Tuesday, July 30, 2019

Ben Bernanke Spoke of Printing Money and Distributing It from Helicopters and about Roosevelt's 40% Devaluation of the Dollar Against Gold As Effective Weapons Against Deflation

This doctrine of globally beneficial dollar devaluation in recession had got further embellishment in Bernanke’s reading of the Japanese experience of the 1990s. Bernanke sympathized with the view that where monetary policy became constrained (in bringing about recovery) by a zero-rate bound (inability of rates to fall below zero even though the equilibrium level of rates may indeed be negative), then devaluation was the way out of this (partly through generating inflation expectations) and internationally acceptable (not beggar-your-neighbour) in that all would gain from the return route to equilibrium. Bernanke, as recently appointed governor to the Federal Reserve, had reinforced this view in his notorious speech to the National Economists Club in Washington (November 2002) under the title of ‘Deflation: making sure it doesn’t happen here’.
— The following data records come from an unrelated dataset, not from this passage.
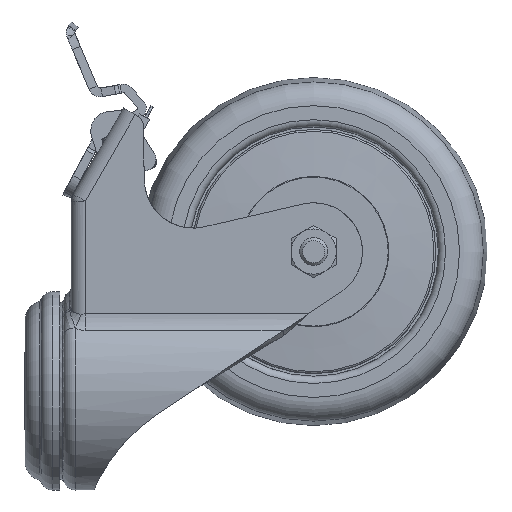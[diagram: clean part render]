
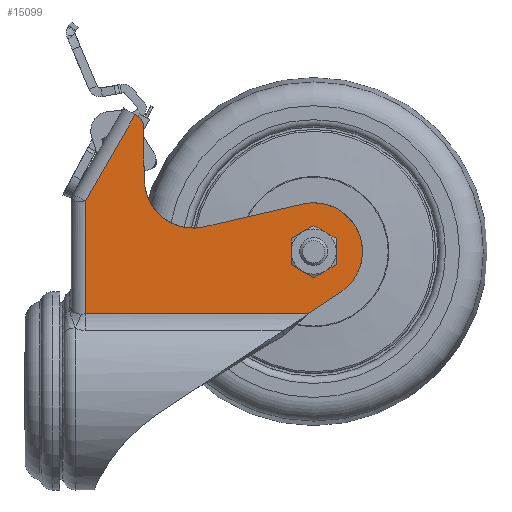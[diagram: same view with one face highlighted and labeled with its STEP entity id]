
A CAD part, left-side view. The second image highlights one B-rep face of the part: STEP entity #15099.
In plain terms, the highlighted planar face has unit normal (-1, 0, 0).
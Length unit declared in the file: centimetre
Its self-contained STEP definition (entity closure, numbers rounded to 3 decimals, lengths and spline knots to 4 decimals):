
#127=FACE_BOUND('',#2209,.T.);
#516=B_SPLINE_CURVE_WITH_KNOTS('',3,(#22155,#22156,#22157,#22158,#22159,
#22160,#22161,#22162,#22163,#22164,#22165,#22166,#22167,#22168,#22169,#22170,
#22171,#22172),.UNSPECIFIED.,.F.,.F.,(4,1,1,1,1,1,1,1,1,1,1,1,1,1,1,4),
(0.,0.0026,0.0052,0.0077,
0.0103,0.0129,0.0155,0.0181,
0.0207,0.0232,0.0258,0.0284,
0.031,0.0336,0.0361,0.0387),
 .UNSPECIFIED.);
#517=B_SPLINE_CURVE_WITH_KNOTS('',3,(#22176,#22177,#22178,#22179,#22180,
#22181,#22182,#22183,#22184,#22185,#22186,#22187,#22188),.UNSPECIFIED.,
 .F.,.F.,(4,1,1,1,1,1,1,1,1,1,4),(0.,0.0025,
0.005,0.0074,0.0099,0.0124,
0.0149,0.0174,0.0198,0.0223,
0.0248),.UNSPECIFIED.);
#518=B_SPLINE_CURVE_WITH_KNOTS('',3,(#22192,#22193,#22194,#22195,#22196,
#22197,#22198),.UNSPECIFIED.,.F.,.F.,(4,1,1,1,4),(0.,
0.0008,0.0015,0.0023,0.0031),
 .UNSPECIFIED.);
#1313=FACE_OUTER_BOUND('',#2208,.T.);
#2208=EDGE_LOOP('',(#9725,#9726,#9727,#9728,#9729,#9730,#9731,#9732,#9733,
#9734));
#2209=EDGE_LOOP('',(#9735,#9736,#9737,#9738,#9739,#9740));
#3183=CIRCLE('',#16075,0.65);
#3184=CIRCLE('',#16076,0.65);
#3185=CIRCLE('',#16077,0.65);
#3186=CIRCLE('',#16078,0.65);
#3187=CIRCLE('',#16079,0.65);
#3188=CIRCLE('',#16080,0.65);
#3914=LINE('',#22147,#4870);
#3915=LINE('',#22149,#4871);
#3916=LINE('',#22151,#4872);
#3917=LINE('',#22153,#4873);
#3918=LINE('',#22174,#4874);
#3919=LINE('',#22190,#4875);
#3920=LINE('',#22199,#4876);
#4870=VECTOR('',#17832,2.8664);
#4871=VECTOR('',#17833,3.2261);
#4872=VECTOR('',#17834,6.4144);
#4873=VECTOR('',#17835,1.1153);
#4874=VECTOR('',#17836,2.9128);
#4875=VECTOR('',#17837,1.572);
#4876=VECTOR('',#17838,0.1);
#5872=VERTEX_POINT('',#22145);
#5873=VERTEX_POINT('',#22146);
#5874=VERTEX_POINT('',#22148);
#5875=VERTEX_POINT('',#22150);
#5876=VERTEX_POINT('',#22152);
#5877=VERTEX_POINT('',#22154);
#5878=VERTEX_POINT('',#22173);
#5879=VERTEX_POINT('',#22175);
#5880=VERTEX_POINT('',#22189);
#5881=VERTEX_POINT('',#22191);
#5882=VERTEX_POINT('',#22200);
#5883=VERTEX_POINT('',#22201);
#5884=VERTEX_POINT('',#22203);
#5885=VERTEX_POINT('',#22205);
#5886=VERTEX_POINT('',#22207);
#5887=VERTEX_POINT('',#22209);
#7352=EDGE_CURVE('',#5872,#5873,#3914,.T.);
#7353=EDGE_CURVE('',#5873,#5874,#3915,.T.);
#7354=EDGE_CURVE('',#5874,#5875,#3916,.T.);
#7355=EDGE_CURVE('',#5875,#5876,#3917,.T.);
#7356=EDGE_CURVE('',#5876,#5877,#516,.T.);
#7357=EDGE_CURVE('',#5877,#5878,#3918,.T.);
#7358=EDGE_CURVE('',#5878,#5879,#517,.T.);
#7359=EDGE_CURVE('',#5879,#5880,#3919,.T.);
#7360=EDGE_CURVE('',#5880,#5881,#518,.T.);
#7361=EDGE_CURVE('',#5881,#5872,#3920,.T.);
#7362=EDGE_CURVE('',#5882,#5883,#3183,.T.);
#7363=EDGE_CURVE('',#5884,#5882,#3184,.T.);
#7364=EDGE_CURVE('',#5885,#5884,#3185,.T.);
#7365=EDGE_CURVE('',#5886,#5885,#3186,.T.);
#7366=EDGE_CURVE('',#5887,#5886,#3187,.T.);
#7367=EDGE_CURVE('',#5883,#5887,#3188,.T.);
#9725=ORIENTED_EDGE('',*,*,#7352,.T.);
#9726=ORIENTED_EDGE('',*,*,#7353,.T.);
#9727=ORIENTED_EDGE('',*,*,#7354,.T.);
#9728=ORIENTED_EDGE('',*,*,#7355,.T.);
#9729=ORIENTED_EDGE('',*,*,#7356,.T.);
#9730=ORIENTED_EDGE('',*,*,#7357,.T.);
#9731=ORIENTED_EDGE('',*,*,#7358,.T.);
#9732=ORIENTED_EDGE('',*,*,#7359,.T.);
#9733=ORIENTED_EDGE('',*,*,#7360,.T.);
#9734=ORIENTED_EDGE('',*,*,#7361,.T.);
#9735=ORIENTED_EDGE('',*,*,#7362,.F.);
#9736=ORIENTED_EDGE('',*,*,#7363,.F.);
#9737=ORIENTED_EDGE('',*,*,#7364,.F.);
#9738=ORIENTED_EDGE('',*,*,#7365,.F.);
#9739=ORIENTED_EDGE('',*,*,#7366,.F.);
#9740=ORIENTED_EDGE('',*,*,#7367,.F.);
#13869=PLANE('',#16074);
#15099=ADVANCED_FACE('',(#1313,#127),#13869,.T.);
#16074=AXIS2_PLACEMENT_3D('',#22144,#17830,#17831);
#16075=AXIS2_PLACEMENT_3D('',#22202,#17839,#17840);
#16076=AXIS2_PLACEMENT_3D('',#22204,#17841,#17842);
#16077=AXIS2_PLACEMENT_3D('',#22206,#17843,#17844);
#16078=AXIS2_PLACEMENT_3D('',#22208,#17845,#17846);
#16079=AXIS2_PLACEMENT_3D('',#22210,#17847,#17848);
#16080=AXIS2_PLACEMENT_3D('',#22211,#17849,#17850);
#17830=DIRECTION('center_axis',(-1.,0.,0.));
#17831=DIRECTION('ref_axis',(0.,-1.,0.));
#17832=DIRECTION('',(0.,0.5,-0.866));
#17833=DIRECTION('',(0.,0.,-1.));
#17834=DIRECTION('',(0.,-1.,0.));
#17835=DIRECTION('',(0.,-0.832,0.555));
#17836=DIRECTION('',(0.,0.974,-0.225));
#17837=DIRECTION('',(0.,0.017,1.));
#17838=DIRECTION('',(0.,0.866,0.5));
#17839=DIRECTION('center_axis',(-1.,0.,0.));
#17840=DIRECTION('ref_axis',(0.,0.,1.));
#17841=DIRECTION('center_axis',(-1.,0.,0.));
#17842=DIRECTION('ref_axis',(0.,0.,1.));
#17843=DIRECTION('center_axis',(-1.,0.,0.));
#17844=DIRECTION('ref_axis',(0.,0.,1.));
#17845=DIRECTION('center_axis',(-1.,0.,0.));
#17846=DIRECTION('ref_axis',(0.,0.,1.));
#17847=DIRECTION('center_axis',(-1.,0.,0.));
#17848=DIRECTION('ref_axis',(0.,0.,1.));
#17849=DIRECTION('center_axis',(-1.,0.,0.));
#17850=DIRECTION('ref_axis',(0.,0.,1.));
#22144=CARTESIAN_POINT('Origin',(-2.1,-1.5757,2.1022));
#22145=CARTESIAN_POINT('',(-2.1,-3.1682,7.9249));
#22146=CARTESIAN_POINT('',(-2.1,-1.735,5.4425));
#22147=CARTESIAN_POINT('',(-2.1,-2.4516,6.6837));
#22148=CARTESIAN_POINT('',(-2.1,-1.735,2.2164));
#22149=CARTESIAN_POINT('',(-2.1,-1.735,5.0706));
#22150=CARTESIAN_POINT('',(-2.1,-8.1494,2.2164));
#22151=CARTESIAN_POINT('',(-2.1,-5.7178,2.2164));
#22152=CARTESIAN_POINT('',(-2.1,-9.0771,2.8355));
#22153=CARTESIAN_POINT('',(-2.1,-8.1494,2.2164));
#22154=CARTESIAN_POINT('',(-2.1,-7.9851,5.3641));
#22155=CARTESIAN_POINT('Ctrl Pts',(-2.1,-9.0771,2.8355));
#22156=CARTESIAN_POINT('Ctrl Pts',(-2.1,-9.149,2.8835));
#22157=CARTESIAN_POINT('Ctrl Pts',(-2.1,-9.284,2.9928));
#22158=CARTESIAN_POINT('Ctrl Pts',(-2.1,-9.4527,3.1914));
#22159=CARTESIAN_POINT('Ctrl Pts',(-2.1,-9.582,3.4177));
#22160=CARTESIAN_POINT('Ctrl Pts',(-2.1,-9.6673,3.6639));
#22161=CARTESIAN_POINT('Ctrl Pts',(-2.1,-9.7059,3.9216));
#22162=CARTESIAN_POINT('Ctrl Pts',(-2.1,-9.6962,4.182));
#22163=CARTESIAN_POINT('Ctrl Pts',(-2.1,-9.6388,4.4362));
#22164=CARTESIAN_POINT('Ctrl Pts',(-2.1,-9.5354,4.6755));
#22165=CARTESIAN_POINT('Ctrl Pts',(-2.1,-9.3898,4.8916));
#22166=CARTESIAN_POINT('Ctrl Pts',(-2.1,-9.2069,5.0771));
#22167=CARTESIAN_POINT('Ctrl Pts',(-2.1,-8.9928,5.2258));
#22168=CARTESIAN_POINT('Ctrl Pts',(-2.1,-8.7551,5.3325));
#22169=CARTESIAN_POINT('Ctrl Pts',(-2.1,-8.5018,5.3935));
#22170=CARTESIAN_POINT('Ctrl Pts',(-2.1,-8.2415,5.4068));
#22171=CARTESIAN_POINT('Ctrl Pts',(-2.1,-8.0693,5.3836));
#22172=CARTESIAN_POINT('Ctrl Pts',(-2.1,-7.9851,5.3641));
#22173=CARTESIAN_POINT('',(-2.1,-5.1469,4.7089));
#22174=CARTESIAN_POINT('',(-2.1,-7.9851,5.3641));
#22175=CARTESIAN_POINT('',(-2.1,-3.4322,6.0486));
#22176=CARTESIAN_POINT('Ctrl Pts',(-2.1,-5.1469,4.7089));
#22177=CARTESIAN_POINT('Ctrl Pts',(-2.1,-5.066,4.6902));
#22178=CARTESIAN_POINT('Ctrl Pts',(-2.1,-4.9007,4.6673));
#22179=CARTESIAN_POINT('Ctrl Pts',(-2.1,-4.6507,4.6773));
#22180=CARTESIAN_POINT('Ctrl Pts',(-2.1,-4.4064,4.7315));
#22181=CARTESIAN_POINT('Ctrl Pts',(-2.1,-4.1756,4.828));
#22182=CARTESIAN_POINT('Ctrl Pts',(-2.1,-3.9655,4.9639));
#22183=CARTESIAN_POINT('Ctrl Pts',(-2.1,-3.7828,5.1349));
#22184=CARTESIAN_POINT('Ctrl Pts',(-2.1,-3.6333,5.3355));
#22185=CARTESIAN_POINT('Ctrl Pts',(-2.1,-3.5216,5.5595));
#22186=CARTESIAN_POINT('Ctrl Pts',(-2.1,-3.4514,5.7996));
#22187=CARTESIAN_POINT('Ctrl Pts',(-2.1,-3.4336,5.9655));
#22188=CARTESIAN_POINT('Ctrl Pts',(-2.1,-3.4322,6.0486));
#22189=CARTESIAN_POINT('',(-2.1,-3.4048,7.6203));
#22190=CARTESIAN_POINT('',(-2.1,-3.4322,6.0486));
#22191=CARTESIAN_POINT('',(-2.1,-3.2548,7.8749));
#22192=CARTESIAN_POINT('Ctrl Pts',(-2.1,-3.4048,7.6203));
#22193=CARTESIAN_POINT('Ctrl Pts',(-2.1,-3.4043,7.646));
#22194=CARTESIAN_POINT('Ctrl Pts',(-2.1,-3.3968,7.6974));
#22195=CARTESIAN_POINT('Ctrl Pts',(-2.1,-3.3662,7.769));
#22196=CARTESIAN_POINT('Ctrl Pts',(-2.1,-3.3184,7.8305));
#22197=CARTESIAN_POINT('Ctrl Pts',(-2.1,-3.2771,7.862));
#22198=CARTESIAN_POINT('Ctrl Pts',(-2.1,-3.2548,
7.8749));
#22199=CARTESIAN_POINT('',(-2.1,-3.2115,7.8999));
#22200=CARTESIAN_POINT('',(-2.1,-8.625,4.5629));
#22201=CARTESIAN_POINT('',(-2.1,-7.975,4.5629));
#22202=CARTESIAN_POINT('Origin',(-2.1,-8.3,4.));
#22203=CARTESIAN_POINT('',(-2.1,-8.95,4.));
#22204=CARTESIAN_POINT('Origin',(-2.1,-8.3,4.));
#22205=CARTESIAN_POINT('',(-2.1,-8.625,3.4371));
#22206=CARTESIAN_POINT('Origin',(-2.1,-8.3,4.));
#22207=CARTESIAN_POINT('',(-2.1,-7.975,3.4371));
#22208=CARTESIAN_POINT('Origin',(-2.1,-8.3,4.));
#22209=CARTESIAN_POINT('',(-2.1,-7.65,4.));
#22210=CARTESIAN_POINT('Origin',(-2.1,-8.3,4.));
#22211=CARTESIAN_POINT('Origin',(-2.1,-8.3,4.));

Bernanke’s comments about printing money and distributing it from helicopters got the headlines at the time (and since). But in addition the new governor noted aloud:
Though a policy of intervening to affect the exchange value of the dollar is nowhere on the horizon today, it’s worth noting that there have been times when exchange rate policy has been an effective weapon against deflation. A striking example from US history is Franklin Roosevelt’s 40% devaluation of the dollar against gold in 1933–4, enforced by a program of gold purchases and domestic money creation. The devaluation and the rapid increase in money supply it permitted ended the US deflation remarkably quickly. Indeed consumer price inflation in the US, year-on-year, went from −10.3% in 1932 to −5.1% in 1933 to 3.4% in 1934. The economy grew strongly and by the way 1934 was one of the best years of the century for the stock market. If nothing else, the episode illustrates that monetary actions can have powerful effects on the economy, even when the nominal interest rate is at or near zero, as was the case at the time of Roosevelt’s devaluation.
--Brendan Brown, The Global Curse of the Federal Reserve: Manifesto for a Second Monetarist Revolution (Houndmills, UK: Palgrave Macmillan, 2011), 115.